Exercise brief
Without any of the pictures, transcribe all the lines below exactly.
Dataset content section start
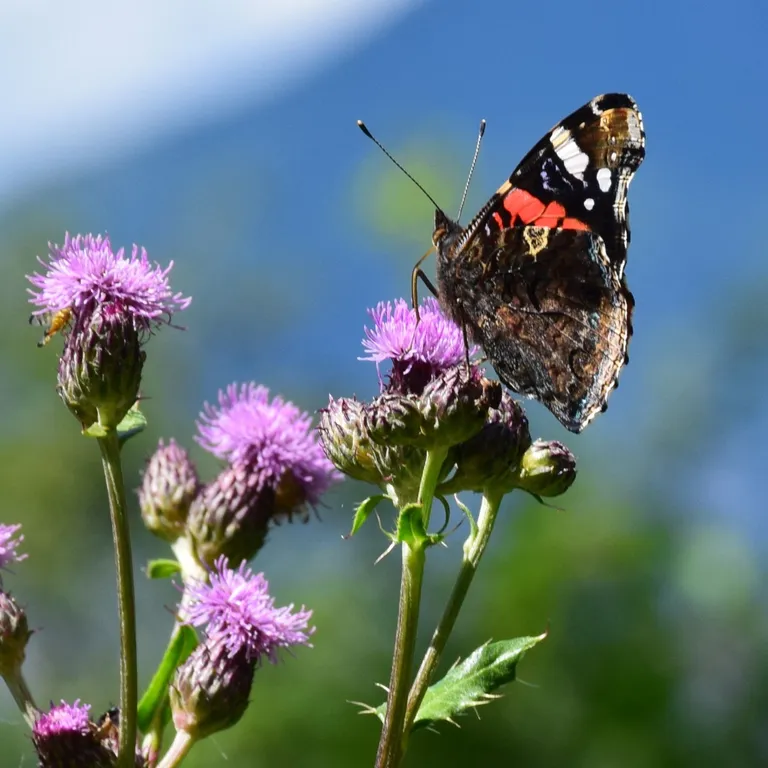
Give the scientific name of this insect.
Vanessa atalanta
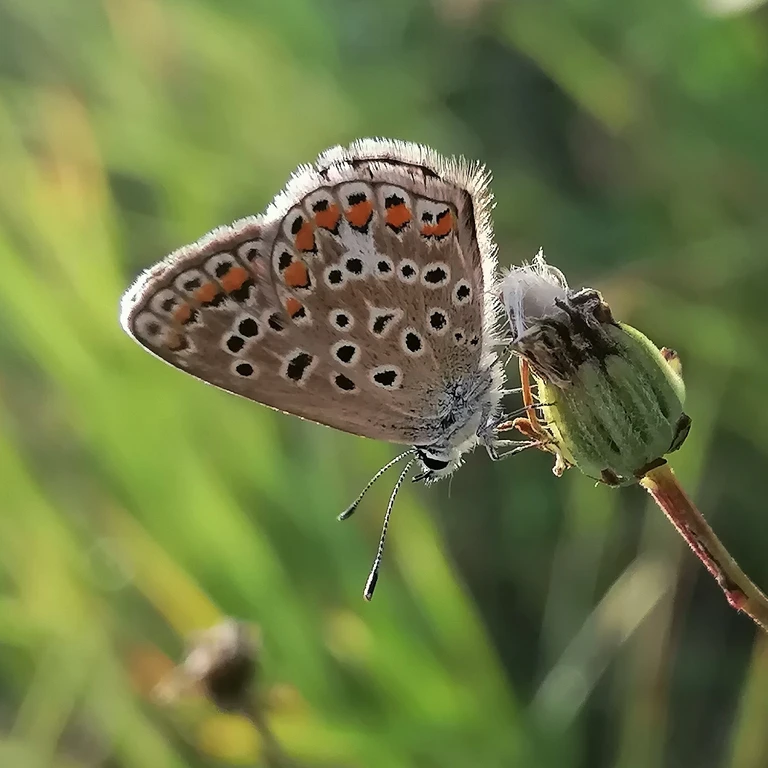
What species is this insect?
Polyommatus icarus
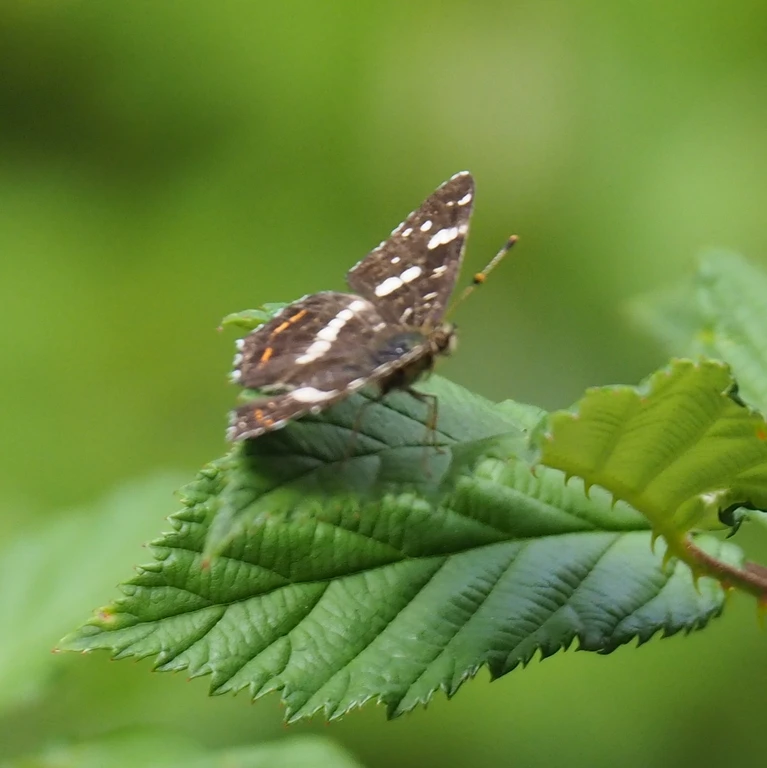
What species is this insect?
Araschnia levana
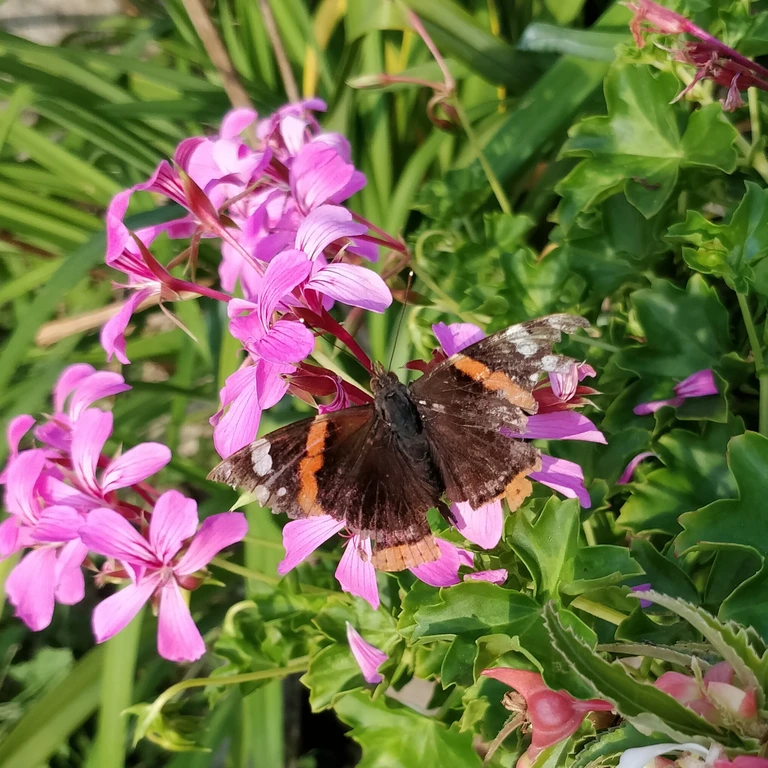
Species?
Vanessa atalanta
Dataset content section end
Exercise solution
Give the scientific name of this insect.
Vanessa atalanta
What species is this insect?
Polyommatus icarus
What species is this insect?
Araschnia levana
Species?
Vanessa atalanta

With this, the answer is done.